Humberto Roggero y Oscar Lamberto, sin ir más lejos, ponen cara de enfadados y, por ahora, hurtan sus cuerpos al debate sobre la Ley de Responsabilidad Fiscal. Un entuerto que sólo bancarán peronistas y radicales porque los transversales y los librepensadores no aceptan votar esa norma, encomendada por el Fondo Monetario Internacional.

Eduardo Duhalde, explican todos, está dispuesto a colaborar, máxime si de depone la idea de lanzar a Cristina en la provincia. Duhalde ofrece una reestructuración del PJ bonaerense, colocando a su cabeza al duhaldista más afín a Kirchner, José María Díaz Bancalari.

«Arregló con Duhalde, va a presidir el PJ, ya firmó el Pacto de Olivos», se solazan, a su modo, casi todos los integrantes del espectro político. Y acaso así sea, a costa de su novedad. Sería casi una rendición, algo exagerado para quien eligió un modo de gobernar y, aún con tropiezos, sigue manteniendo la iniciativa.
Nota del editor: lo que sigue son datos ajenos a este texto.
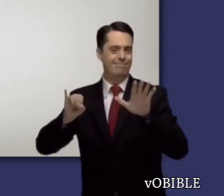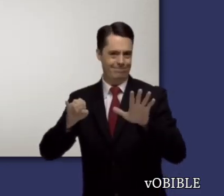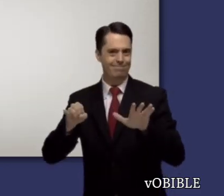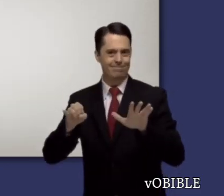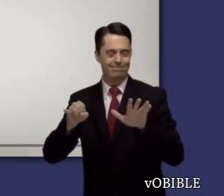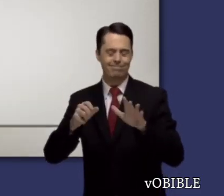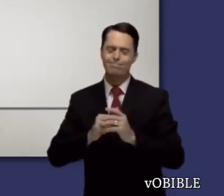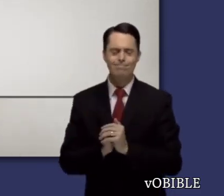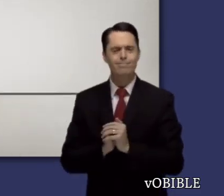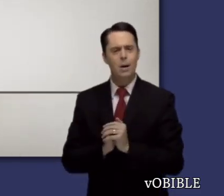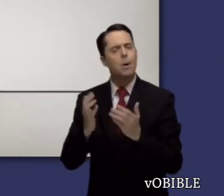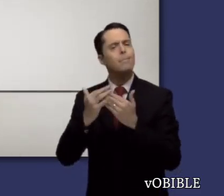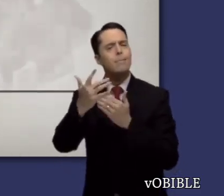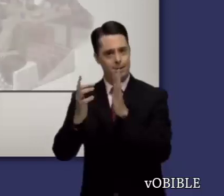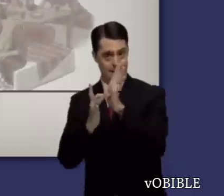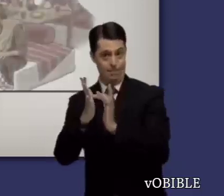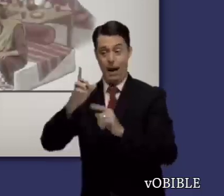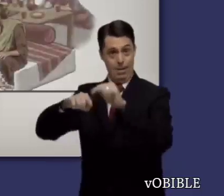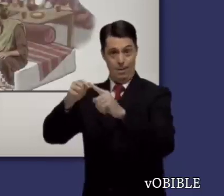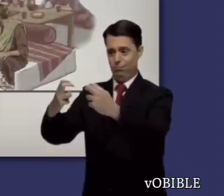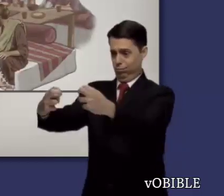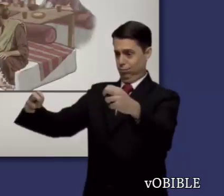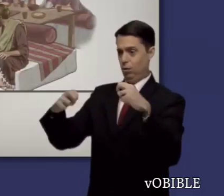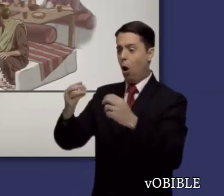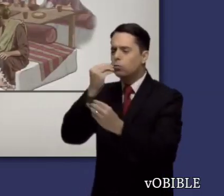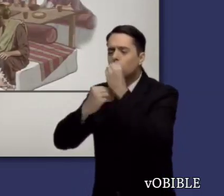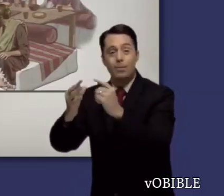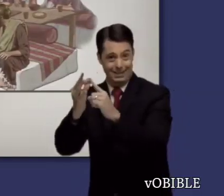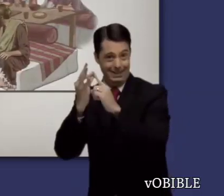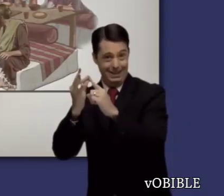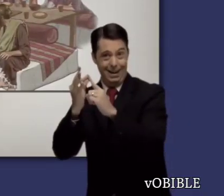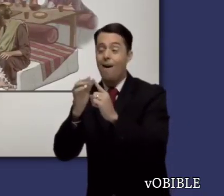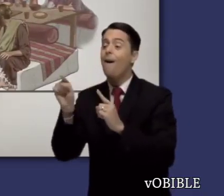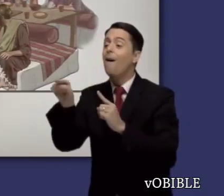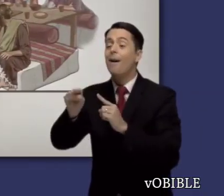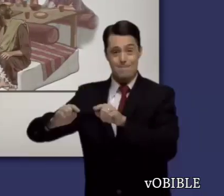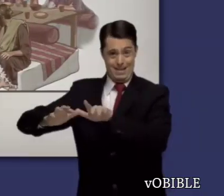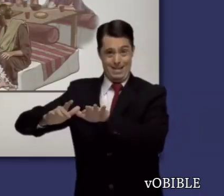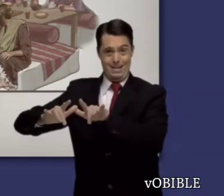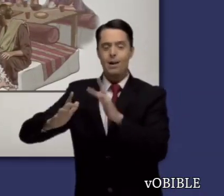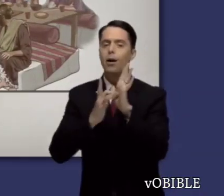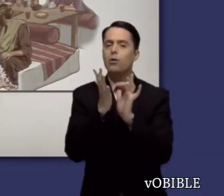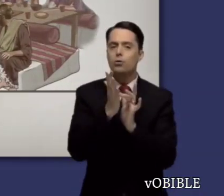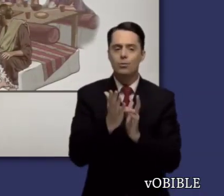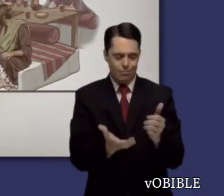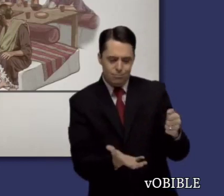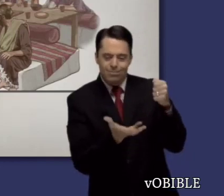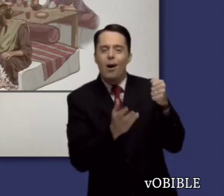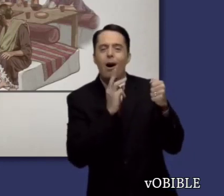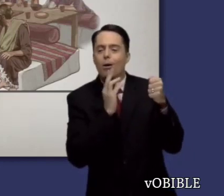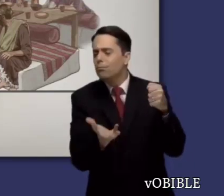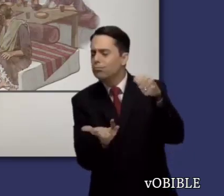En la última Pascua, Jesús demuestra mucha humildad al lavarles los pies a sus apóstoles, tarea que realizaban los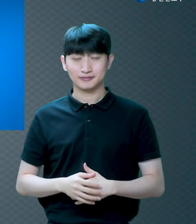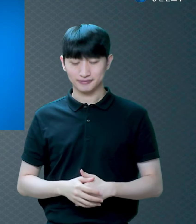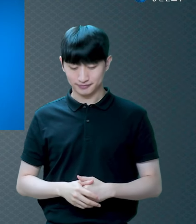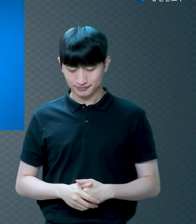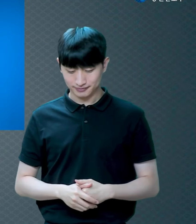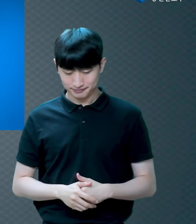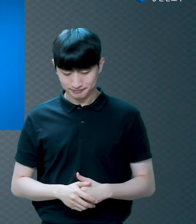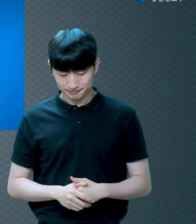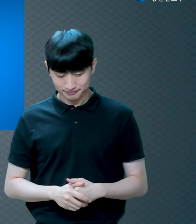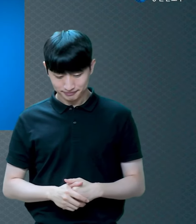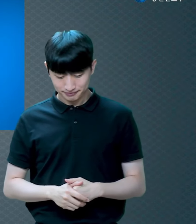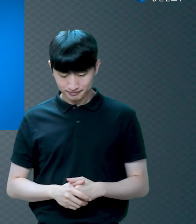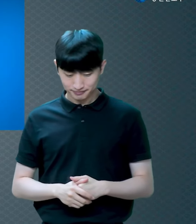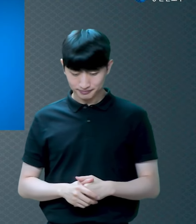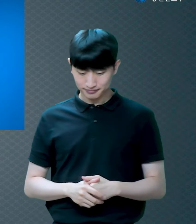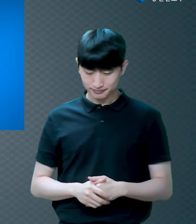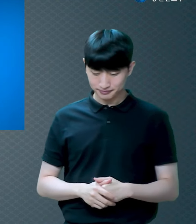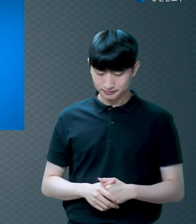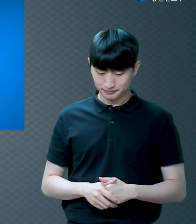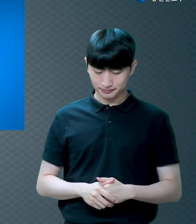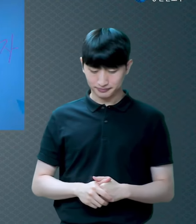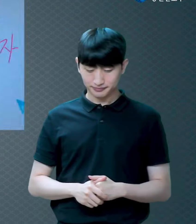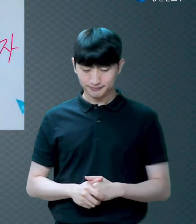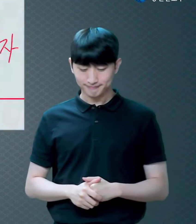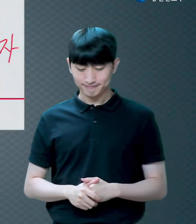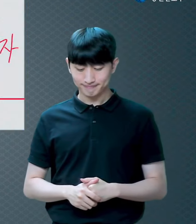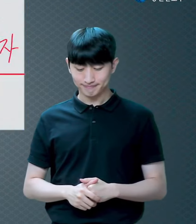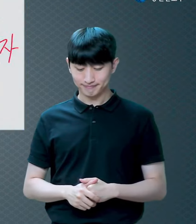보시면 여기

El punto es que, aunque parezca lo contrario, aceptar esa sabiduría añeja significaría para Kirchner una tranquilidad transitoria, pero un salto al vacío. Es que siempre registró que la sociedad le pedía otra forma de gobernar. Transgredir las reglas, no ceñirse a la lógica de lo preexisatente, distanciarse de las corporaciones. Un pingüino de riña, por decir algo. Hasta ahora, su intuición le indica que sólo así podrá mantener el consenso que logró. «Llegamos acá de pedo. No vamos a pasasr haciendo lo mismo que los demás», arenga siempre a los suyos.

El final sigue siendo abierto. Tal vez el Presidente siga buscando, vía ensayo y error, con avances y retrocesos, mantener la gobernabilidad y la legitimidad, a su extraña manera.